Imagen es percepción

¿Se rompió el protocolo en la toma de posesión?

Brenda Sanchinelli imagen_es_percepcion@yahoo.com

Publicado el

Después de la toma de posesión del presidente Giammattei, muchos afirmaban que se había roto el protocolo. Pero, ¿cuál protocolo?

Por supuesto que el acto fue singular, por la música y los saludos al entrar a la Sala Efraín Recinos. ¡Muy a “su manera”, pues, pero claro que se vale! Me encantó la emotividad, espontaneidad y discurso alentador. Giammattei se convirtió sin duda alguna en el mejor orador que ha tenido la silla presidencial hasta hoy. La ceremonia fue algo diferente y eso podría ser un buen presagio y reflejo de su sello personal en el gobierno. Mostró que se atreve a hacer cosas innovadoras que podrían levantar a nuestra nación lastimada y quebrada.

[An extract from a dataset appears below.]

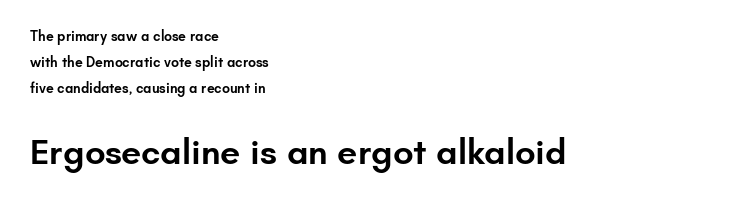
{"serif": "no", "italic": "no", "bold": "semi", "weight": "semibold", "width": "normal", "stroke_contrast": "low", "x_height": "small", "monospaced": "no", "underline": "no", "align": "left", "line_spacing_ratio": 1.87, "letter_spacing": "normal", "letter_spacing_em": 0.0, "larger_block": "second", "size_ratio": 2.57, "glyph_px": 36}

Es importante entender que las ceremonias del Estado de Guatemala son manejadas por la Cancillería y se rigen por la ley de Ceremonial Diplomático, por lo que se esperaría que hubiera un ordenamiento establecido (al menos en lo que concierne al fondo del acto). Muy diferente a nuestra realidad, donde cada uno de los presidentes ha marcado su propia pauta, cambiando a su gusto detalles importantes que no deberían alterarse.

Tradicionalmente este evento se ha manejado en base a la costumbre, y si se presenta un vacío o duda en cualquier tema al momento de organizarlo, se recurre a la norma internacional. Por esta razón sería un buen reto para el nuevo ministro de Relaciones Exteriores proponer una ley específica que rija este acto.

Siempre hay cambios. Por ejemplo, eligen el lugar del acto (uno lo hizo en el estadio Mateo Flores, otro en el Domo, otros en el Teatro Nacional), cuando debería de realizarse en el Congreso de la República, por ser este acto parte de la sesión solemne que inicia en ese recinto y donde a lo largo de la historia se ha realizado. Por cierto, el retraso de seis horas en la ceremonia se debió al relajo y transas que armaron los diputados, lo que es una afrenta para los invitados y el pueblo de Guatemala.

En la sesión solemne del Congreso de la República, el presidente saliente entregó sus “insignias de mando”, es decir la banda presidencial larga, cuyo uso es muy latinoamericano porque esta costumbre deriva de España. El pin de presidente y el collar presidencial (contiene la llave que abre la urna que resguarda la Constitución Política de la República de Guatemala, ubicada en el Congreso).

Otro aspecto que ha variado es la juramentación. El presidente electo fue juramentado por el presidente del Congreso. En este caso el juramento fue sobre una Biblia. Colom, por ejemplo, decidió juramentarse sobre la Constitución, cambiando la tradición, ya que en Guatemala se había utilizado por décadas el esquema de protocolo norteamericano, donde el cónyuge sostiene la Biblia. Luego firmó el Libro de Oro, el cual se ha utilizado desde 1892. Allí constan todas las actas de tomas de posesión. En su pasta hay un escudo nacional de bronce.

El vestuario que utilizó Giammattei me pareció adecuado. Seleccionó un traje oscuro y camisa blanca. Su corbata llamó mucho la atención, elaborada de tela de corte (falda) jaspeado de Salcajá, un municipio de Quetzaltenango. Esta corbata le dio un toque característico de pertenencia y orgullo por la diversidad étnica de Guatemala. Al mismo tiempo promocionó a nivel internacional la belleza de los tejidos típicos guatemaltecos. Su hija lució realmente elegante, sencilla y sobria. Con un traje negro de chaqueta y falda en corte A. Un estilo clásico, pelo recogido, al igual que su maquillaje discreto y joyería pequeña. Su actitud, inteligente y amable.
Finalmente puedo decir que, más allá del protocolo, se respiran aires de esperanza. Ojalá Alejandro Giammattei no nos decepcione.